Although Argus is currently (as of March 2007) offering only mtDNA testing, all products are being offered at a greatly reduced rate. Sequencing of the hypervariable region (which includes HVR1-3) is offered for only $125.00 (regularly $149). You can compare this price to those offered by other companies in my DNA testing company comparison chart. Additionally, Argus is offering complete sequencing of the entire mitochondrial genome (16, 569 bases) for $345 (regularly $695). The company will also accept four monthly payments of $95 to pay for a full sequencing (to inquire, contact Argus at info@argusbio.com). Currently only one other company (Family Tree DNA) offers complete mtDNA sequencing as a regular product.

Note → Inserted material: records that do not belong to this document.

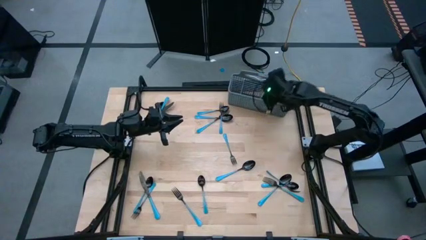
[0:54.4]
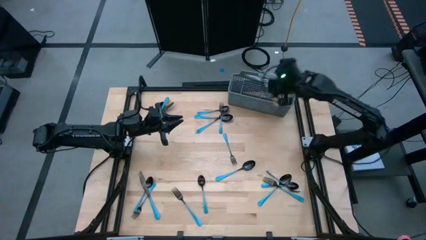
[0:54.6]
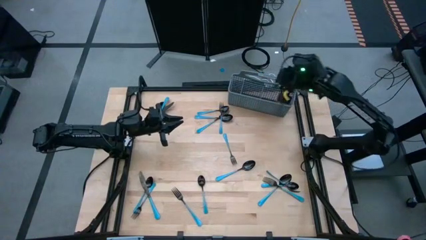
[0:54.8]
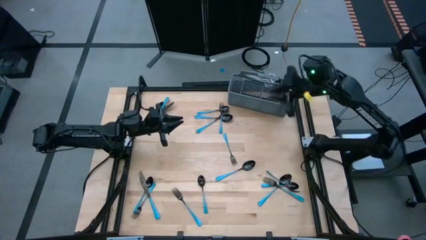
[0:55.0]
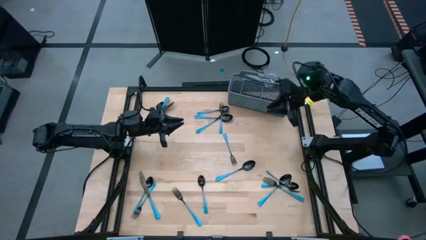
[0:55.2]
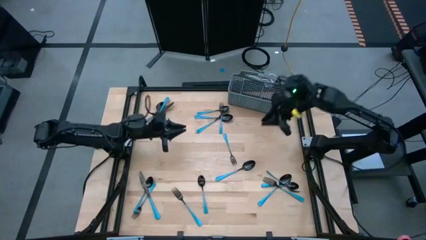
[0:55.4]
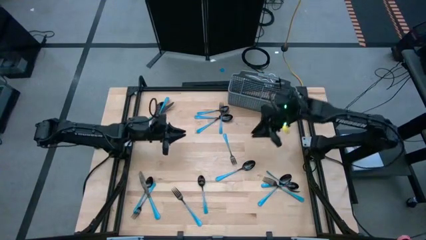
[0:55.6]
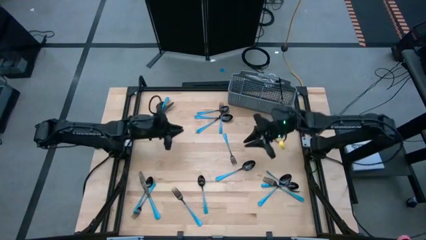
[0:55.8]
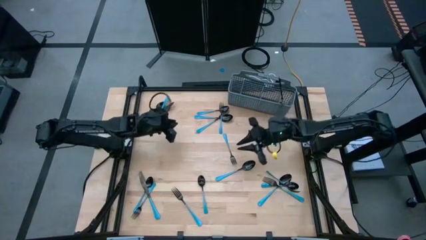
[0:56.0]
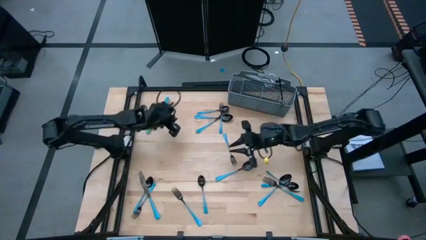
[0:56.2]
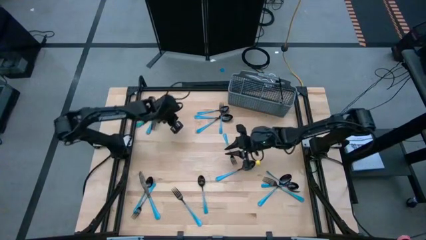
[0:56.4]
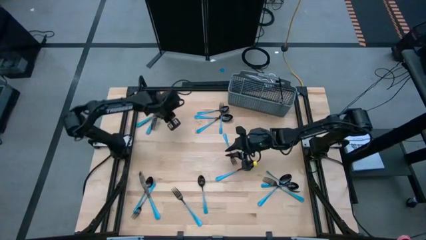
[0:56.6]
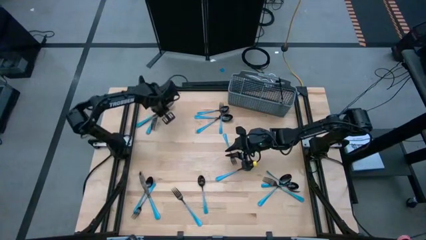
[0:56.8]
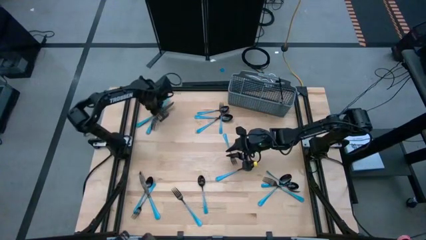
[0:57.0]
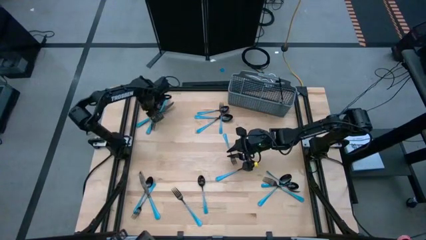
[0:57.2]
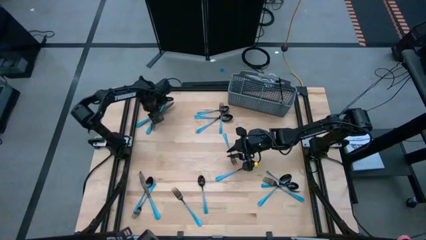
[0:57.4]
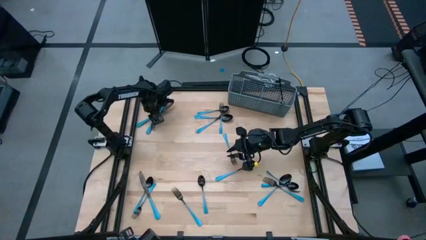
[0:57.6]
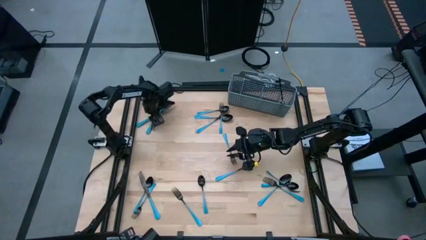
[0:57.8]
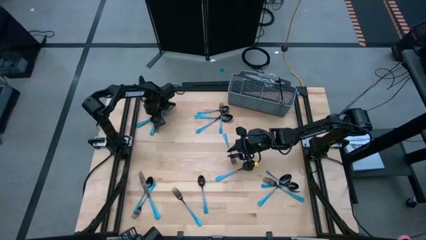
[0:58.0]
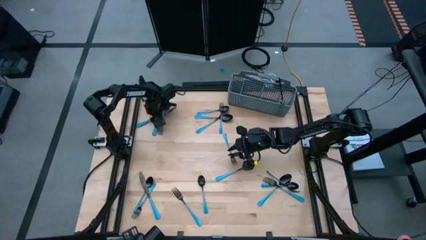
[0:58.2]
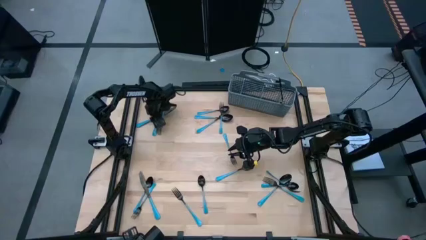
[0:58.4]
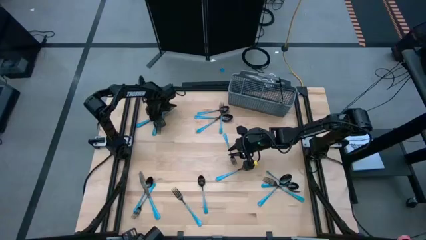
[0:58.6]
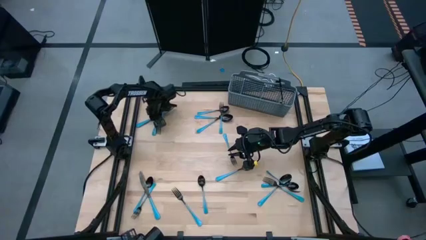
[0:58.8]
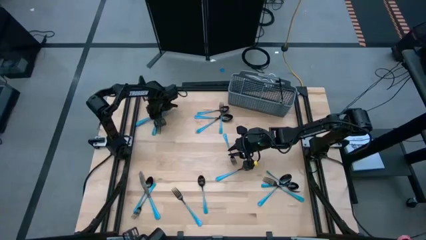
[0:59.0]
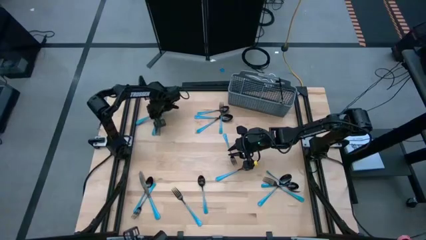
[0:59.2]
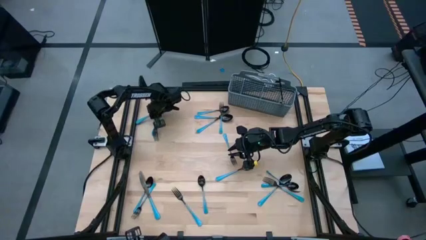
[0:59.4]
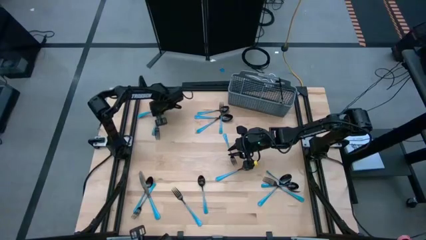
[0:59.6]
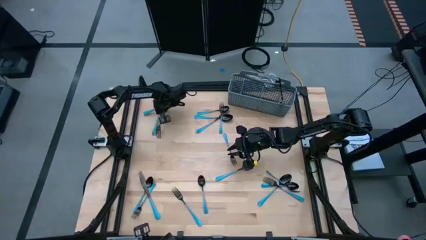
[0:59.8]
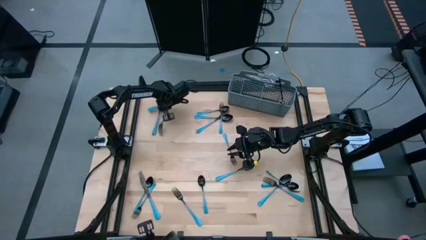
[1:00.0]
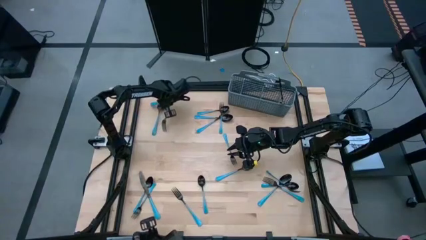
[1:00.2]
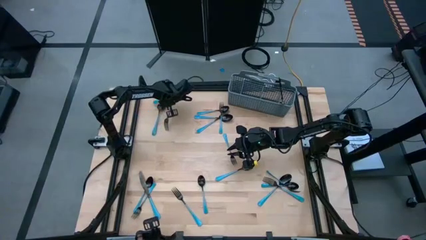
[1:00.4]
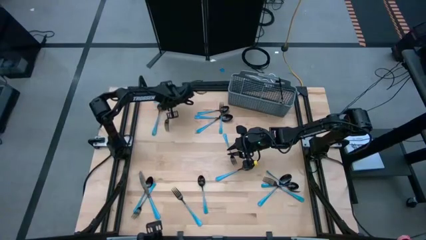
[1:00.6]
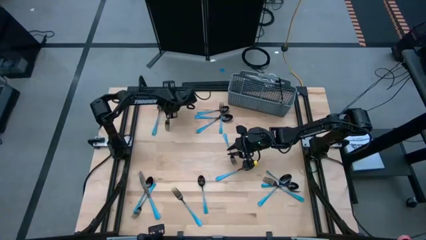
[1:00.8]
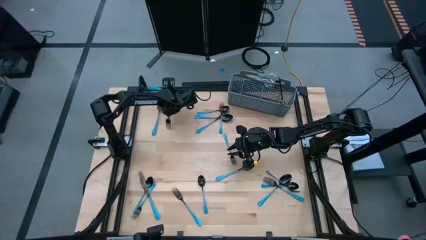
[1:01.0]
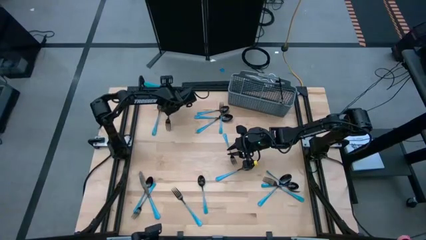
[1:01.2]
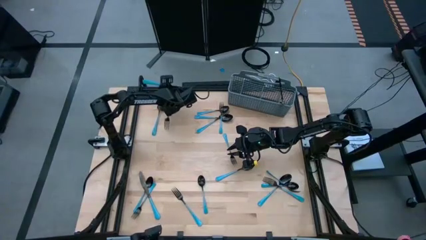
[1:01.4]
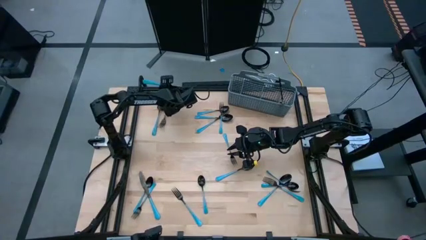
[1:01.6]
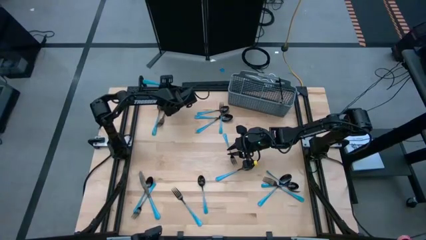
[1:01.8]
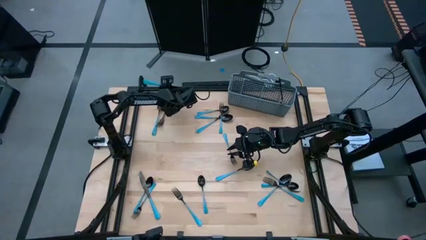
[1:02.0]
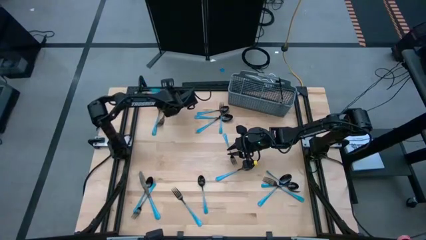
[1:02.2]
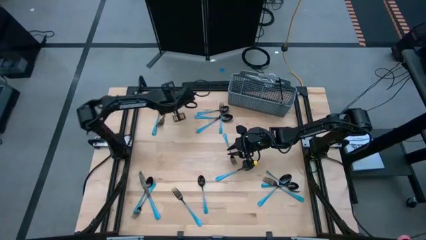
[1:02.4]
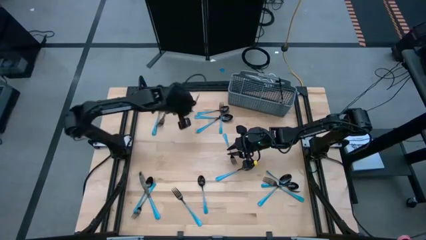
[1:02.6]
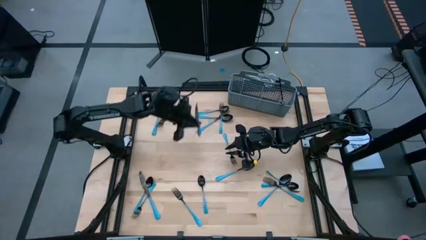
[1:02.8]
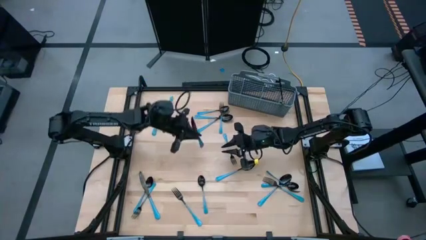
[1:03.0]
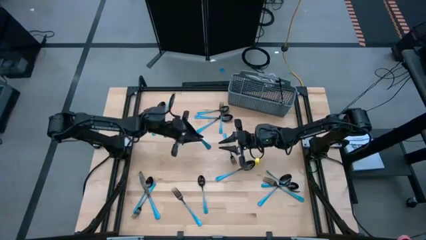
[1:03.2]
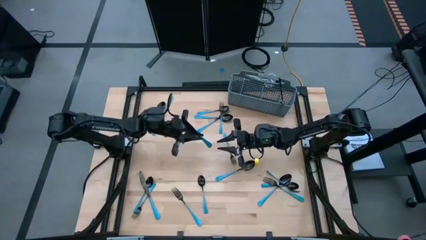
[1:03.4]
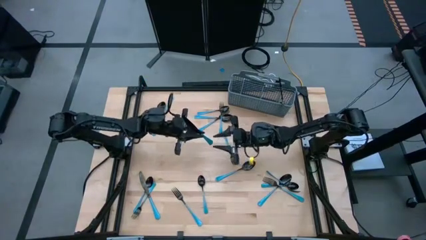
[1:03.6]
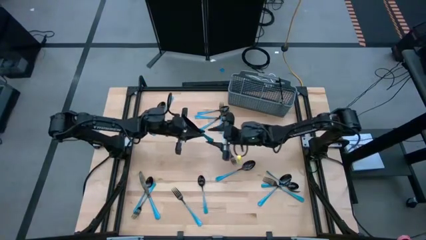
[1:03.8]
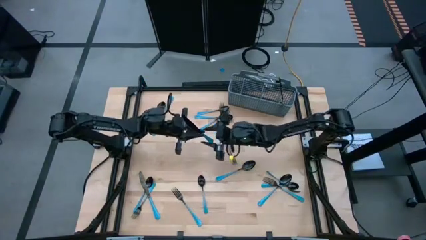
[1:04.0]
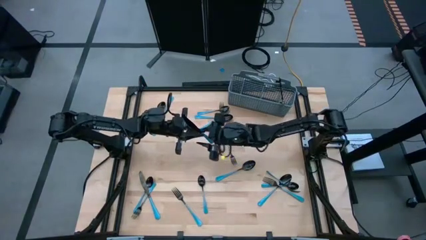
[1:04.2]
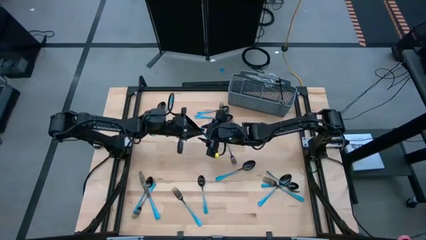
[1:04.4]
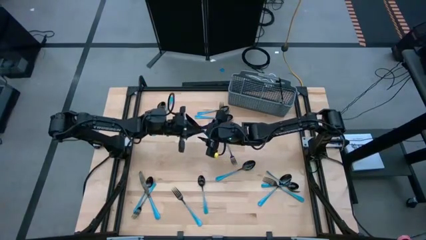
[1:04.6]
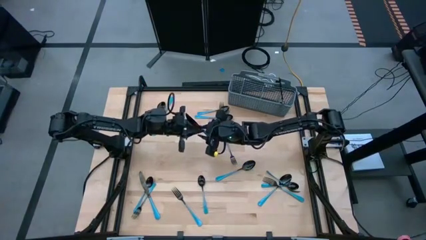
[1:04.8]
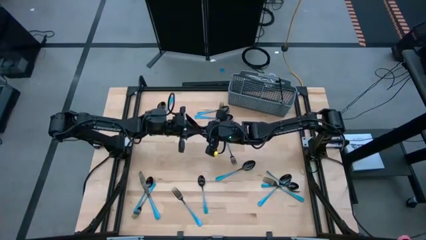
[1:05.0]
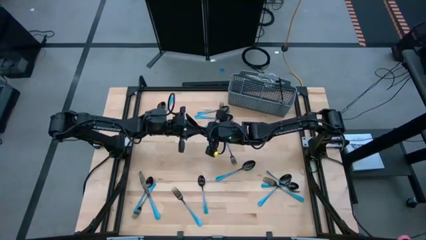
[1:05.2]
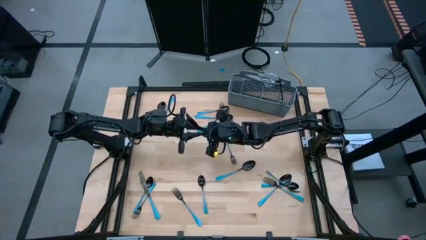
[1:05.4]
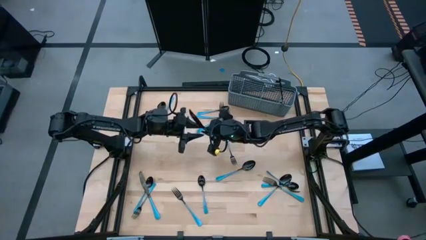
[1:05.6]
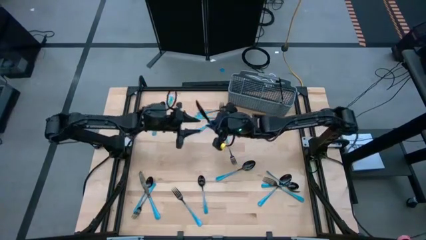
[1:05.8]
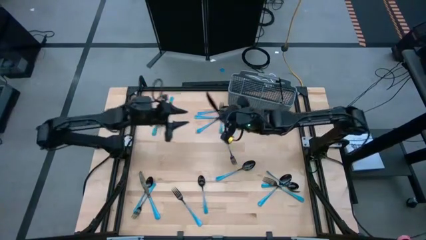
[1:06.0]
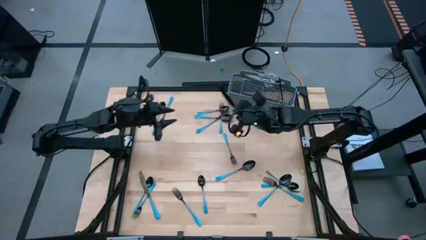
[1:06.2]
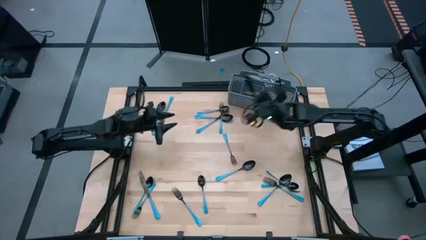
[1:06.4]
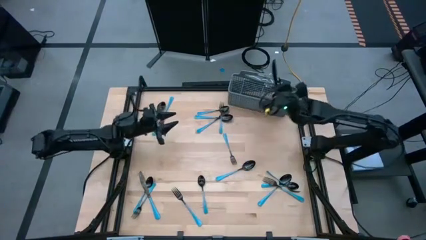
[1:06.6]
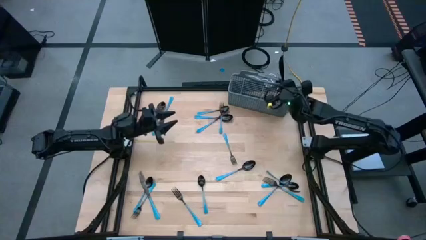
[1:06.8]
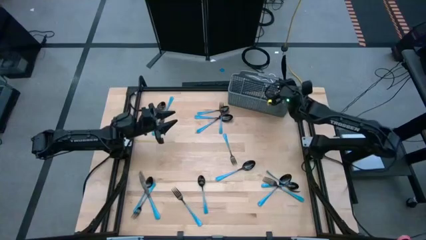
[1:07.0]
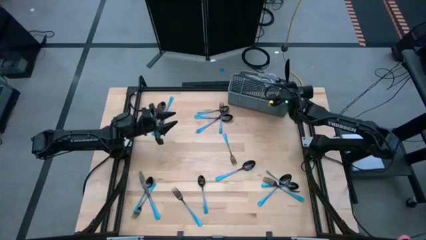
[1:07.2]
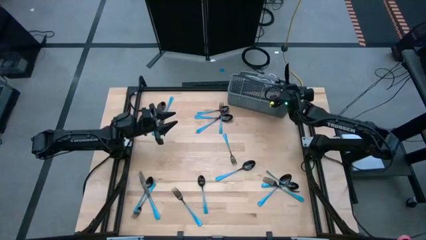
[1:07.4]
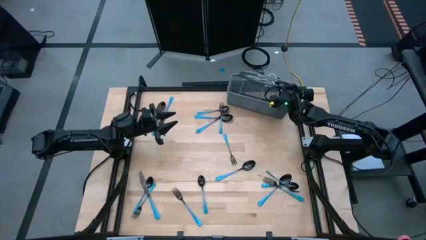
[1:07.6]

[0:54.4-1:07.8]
Task: Sort silverware
Put the blue knife into the right of the blue utensil organizer

To expand its services, Argus recently announced that it has teamed up with Marligen Biosciences to offer Y-chromosome haplotyping in the near future.

Interestingly, Argus offers a variety of non-genealogical DNA sequencing (can any DNA sequencing be considered non-genealogical, I wonder?), including cancer tissue screening and sequencing of your gene of interest. Click here to see a list of the genes that they sequence. The company does require that there be 30 samples in a batch to initiate sequencing. To inquire about prices and genes sequenced, contact Argus.

Mitochondrial sequencing results from the company include detailed sequencing results with lengthy analysis of each polymorphism detected, an extensive phylogenetic tree of global mitochondrial DNA, and an mtDNA migration map.

The website has a lengthy FAQ page as well as an informational page examining the use of mitochondrial DNA for genealogical purposes.

The last time I counted there are at least 21 unique companies offering DNA testing for genealogical purposes, either Y-chromosome, mtDNA, or autosomal testing (see the Sidebar to the right for a listing).  To get a clearer picture of what each company offers I created a master list of every company and the services they offer.  See here.

While compiling the list I also gathered information about the markers that each Y-chromosome test analyzed.  See here.  There are of course the standard markers offered by most companies as well as the markers offered by only a single company.  What company have you been tested by?